The figure shows a neutrino vertex in the CHORUS nuclear emulsion, as it appears under a microscope of 50x magnification. The size of the image shown here is about 100 × 100µm. Nuclear emulsion is a solution of AgBr crystals in a gelatinous medium. Ionizing particles traversing the emulsion leave a trail of "excited" crystals. The photographic development procedure transforms these "excited" crystals in spheres of metallic silver, less than a micron in diameter, whilst at the same time removing the AgBr crystals that have not been ionized. The silver grains are fully reflecting and they appear as tiny, black spots on the white background of the transmitted light. The brightness variations in the image can be ascribed to varying transmission of the emulsion, both below and above the slice imaged. The thickness of the imaged slice corresponds to the depth of focus of the optical system, which is a few microns.

       The image exhibits essentially all features of the CHORUS nuclear emulsion.

a) Black tracks. The most conspicuous feature of the image is the series of dark lines emerging from the center. These correspond to a series of silver grains, so closely spaced that they appear as a single trait. A large density of grains indicates a highly ionizing track, typical of low energy charged particles. In this case, the tracks arise from the passage of nuclear fragments emerging from the nucleus with which the neutrino has interacted. The neutrino direction is perpendicular to the image and the nuclear fragments are seen to come out at large angles with respect to the neutrino direction. The tracks in the lower half of the image emerge at a smaller angle. Thus, within the depth of focus of a few microns, only a relatively short section of the track is in focus.

b) Cosmic ray tracks. Apart from the dark tracks emerging from the center of the image, a number of low ionization tracks can be discerned: series of aligned grains, at distances of the same order as the grain size. Since the emulsions have been exposed for almost two years, they have integrated a large number of tracks from charged cosmic ray particles. Most of these are high-energy particles, in this context referred to as minimum ionizing particles. The CHORUS emulsion sensitivity corresponds to about 30 developed grains along the track of a minimum ionizing particle.
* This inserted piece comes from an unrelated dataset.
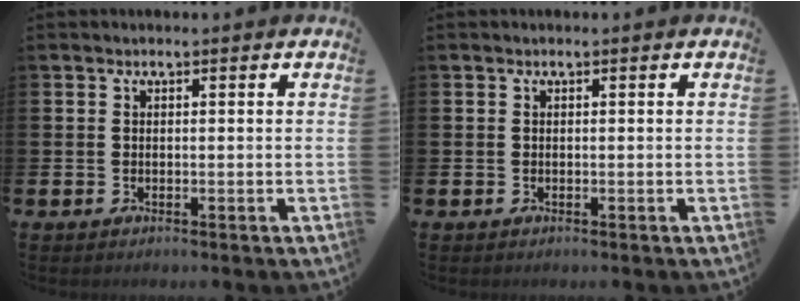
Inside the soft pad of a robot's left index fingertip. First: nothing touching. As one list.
[{"total": 0.0}]

A relatively large section of these tracks appears in a single slice since the particles have traversed the emulsion in the vertical plane, the orientation in which the plates have been exposed.

c) Low energy electrons. Here and there, one can see very short, curved tracks. These mark the passage and absorption of low energy electrons. Because of their small mass and low energy, they are subject to a large series of scatters, which explains their curly appearance. Low energy electrons arise either from nuclear decays in the emulsion at the level of natural radioactivity or from delta rays, electrons knocked out of their atomic orbit by passing, high energy particles.

d) Fog. Apart from the above-mentioned sources of silver grains in the developed image, there is some level of random background. These are grains not induced by ionization of charged particles, but rather arising "spontaneously" in the development process. The density of fog grains is strongly dependent on the type of emulsion, as well as on the details of the development procedure. They constitute an important background that needs to be taken into account in any pattern recognition procedure. 

    However, note that the main interest of emulsion scanning in the CHORUS experiment can not be shown in this single image. The tracks of interest to the CHORUS analysis are the high energy, minimum-ionizing particles emerging from the neutrino interaction. These are at relatively small angles from the neutrino direction and thus perpendicular to the image. In any given image one, at most two, grains of such tracks will be within the depth of field. In fact, in the image shown, a single grain of one such track can be seen at the position, which appears as the neutrino vertex. The vertex point itself is actually a few microns below the image shown.